These were each significant challenges in software and hardware, but also conceptually and ethically. This was not simply about producing nothing—the deleted. Instead it involved the continual and simultaneous production of nothing and something—the deleted, an account that could demonstrably attest that deletion had taken place, a new benchmark for deletion , a new system that could take on all the requirements of end-users oriented towards data retention at the same time as satisfying the ethics board and newly emerging regulations that data would not be stored. It was through this array of questions and concerns that deletion became a blank figure , both something and nothing , a troubling and disruptive figure within the project.

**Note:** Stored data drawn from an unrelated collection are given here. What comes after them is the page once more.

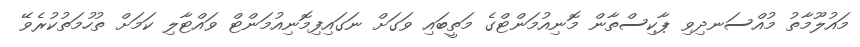
މައުލޫމާތު މުއްސަނދިވި ޕާކިސްތާން މޮނިއުމަންޓްގެ މަތީބައި ވަގަށް ނަގައިފިމޮނިއުމަންޓް ވައްޓާލި ކަމަށް ތުހުމަތުކުރެވޭ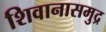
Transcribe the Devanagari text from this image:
शिवानासमुद्र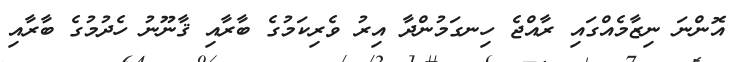
އޮންނަ ނިޒާމެއްގައި ރާއްޖެ ހިނގަމުންދާ އިރު ވެރިކަމުގެ ބާރާއި ޤާނޫނު ހެދުމުގެ ބާރާއި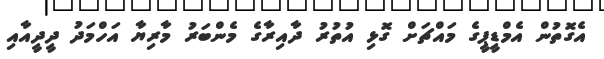
އެގޮތުން އެމްޑީޕީގެ މައްޗަށް ގޮޅި އުތުރު ދާއިރާގެ މެންބަރު މާރިޔާ އަހްމަދު ދީދީއާއި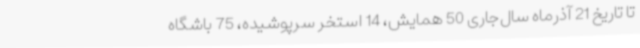
تا تاریخ 21 آذرماه سال‌جاری 50 همایش، 14 استخر سرپوشیده، 75 باشگاه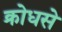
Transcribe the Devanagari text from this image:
क्रोधसे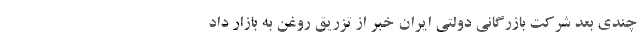
چندی بعد شرکت بازرگانی دولتی ایران خبر از تزریق روغن به بازار داد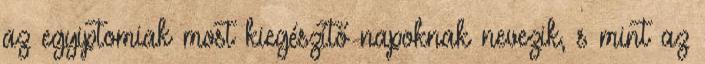
az egyiptomiak most kiegészítő napoknak nevezik, s mint az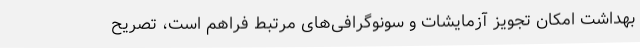
بهداشت امکان تجویز آزمایشات و سونوگرافی‌های مرتبط فراهم است، تصریح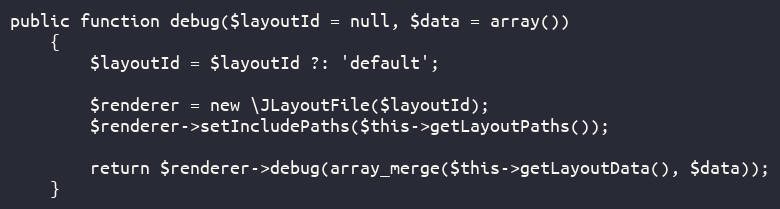
Language: PHP
public function debug($layoutId = null, $data = array())
	{
		$layoutId = $layoutId ?: 'default';

		$renderer = new \JLayoutFile($layoutId);
		$renderer->setIncludePaths($this->getLayoutPaths());

		return $renderer->debug(array_merge($this->getLayoutData(), $data));
	}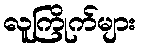
လူကြိုက်များ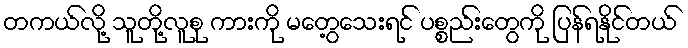
တကယ်လို့ သူတို့လူစု ကားကို မတွေ့သေးရင် ပစ္စည်းတွေကို ပြန်ရနိုင်တယ်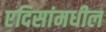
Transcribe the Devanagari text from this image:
एदिसांमधील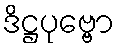
ဒိဋ္ဌပုဗ္ဗော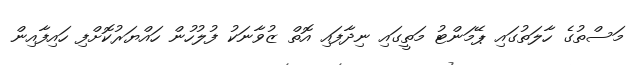
މަސްތުގެ ހާލަތުގައި ޕޭމަންޓު މަތީގައި ނިދާފައި އޮތް ޒުވާނަކު ފުލުހުން ހައްޔަރުކޮށްފި ހައިފާއިން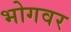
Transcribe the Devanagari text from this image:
भोगवर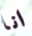
انا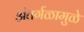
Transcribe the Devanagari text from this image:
अंतर्गळामुळे

As the project moved out of its experimental phase, our algorithms and their IF-THEN rules would need to provide the basis for demarcating relevance from irrelevance with a level of confidence that would enable deletion to take place (although as we will see in Chapter 5, this was in itself a challenge). As I suggested in previous chapters, the Event Detection algorithms for moving the wrong way, moving into a forbidden space and abandoned luggage were also termed relevancy detection algorithms. In order to decide what ought to be deleted, these algorithms would need to sift through streams of digital video data streamed from the airport and train station video surveillance system, via the system’s Media Proxy that we noted in Chapter 2 (to smooth out any inconsistencies). This should make available somewhere between 1 and 5% of data to operatives of the surveillance system through the User Interface as images that they might need to look at more closely. The Route Reconstruction system we saw in Chapter 3 might expand on these amounts of relevant data a little by creating ‘sausages’ of data around an image, constructing the history and future around a specific image selected by the algorithms. Still the technology ought to be able to select out huge amounts of irrelevant data for deletion . Even data that appeared to be initially relevant and was shown on the User Interface to operatives of the surveillance system and Route Reconstruction data would only be kept for a short time until reviewed by operatives who could also declare the images irrelevant and send them for deletion .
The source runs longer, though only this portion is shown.